A court in Japan has sentenced a man to death after he was convicted of murdering 36 people in an arson attack on a Kyoto animation studio in 2019.

The Kyoto District Court on Thursday said it found Shinji Aoba, 45, mentally capable of facing punishment for murder, arson and other crimes in the attack on Kyoto Animation’s Studio 1 on July 18 that year which shocked Japan and drew an outpouring of grief from anime fans worldwide.

Prosecutors said Aoba had been motivated by a grudge against the studio, which he claimed had stolen his ideas after rejecting his novels in an annual contest. The court found no evidence the studio had plagiarised his work.

NHK national TV, quoted Judge Keisuke Masuda, as saying: “The attack that instantly turned the studio into hell and took the precious lives of 36 people, caused them indescribable pain.”

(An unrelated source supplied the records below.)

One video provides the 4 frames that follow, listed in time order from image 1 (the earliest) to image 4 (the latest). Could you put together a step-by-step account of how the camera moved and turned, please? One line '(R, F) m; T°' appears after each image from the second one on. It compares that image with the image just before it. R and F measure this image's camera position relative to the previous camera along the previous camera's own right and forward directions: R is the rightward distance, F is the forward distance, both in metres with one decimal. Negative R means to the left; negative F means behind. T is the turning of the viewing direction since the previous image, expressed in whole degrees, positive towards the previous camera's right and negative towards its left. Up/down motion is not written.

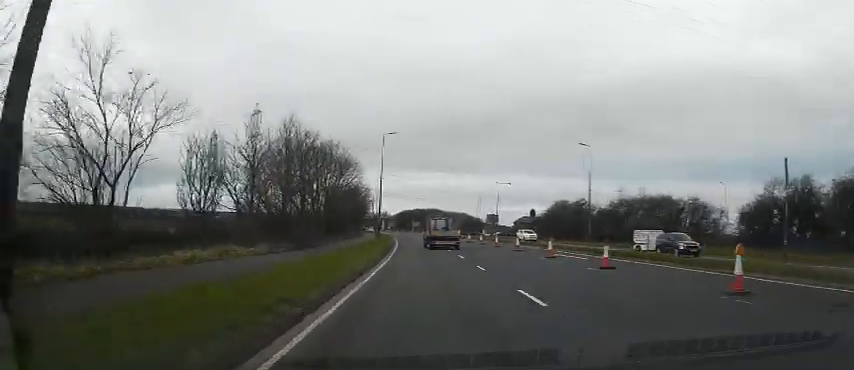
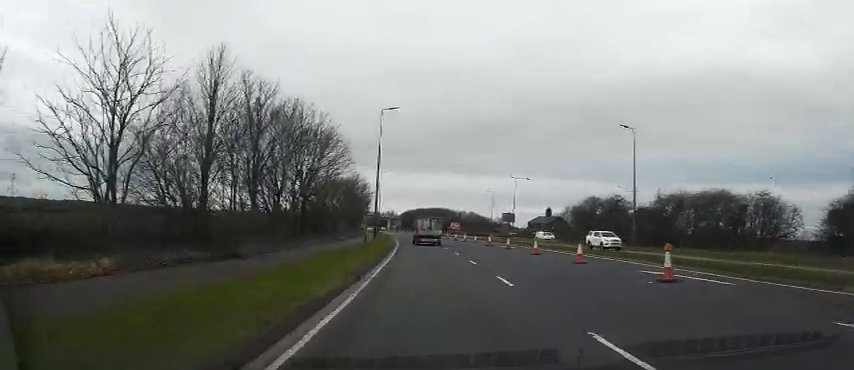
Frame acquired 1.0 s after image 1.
(-0.6, +12.0) m; -2°
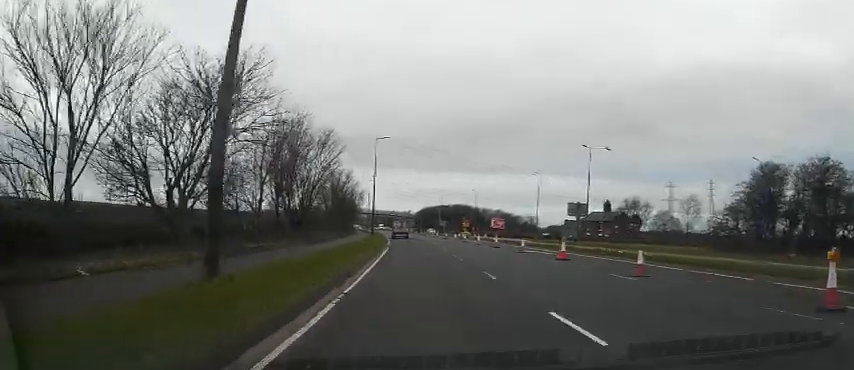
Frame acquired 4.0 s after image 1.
(+0.2, +38.0) m; -2°
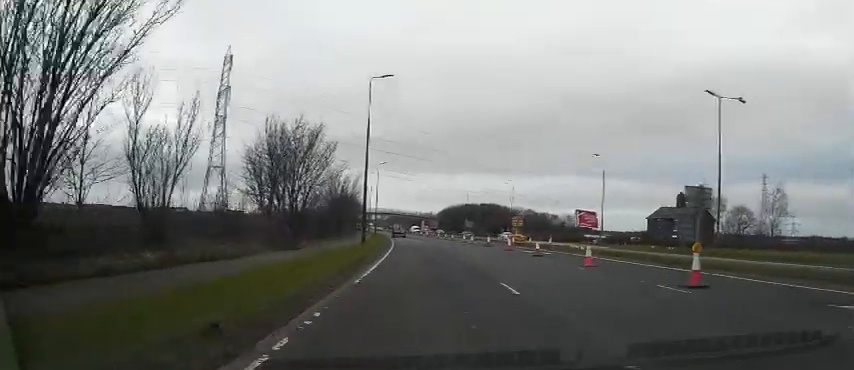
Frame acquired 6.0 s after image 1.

Survivors reported that on the morning of the attack, Aoba had broken into the building, spreading petrol on the ground floor and lighting it while shouting “drop dead”.

Reeling

The anime industry was left reeling by the crime, which killed young artists working in the three-storey building.

About 70 people had been working on the premises at the time. Many of the victims were believed to have died of carbon monoxide poisoning. More than 30 other people were badly injured.

One of the survivors said he saw a black cloud rising from downstairs, then he felt scorching heat and jumped from a window, gasping for air.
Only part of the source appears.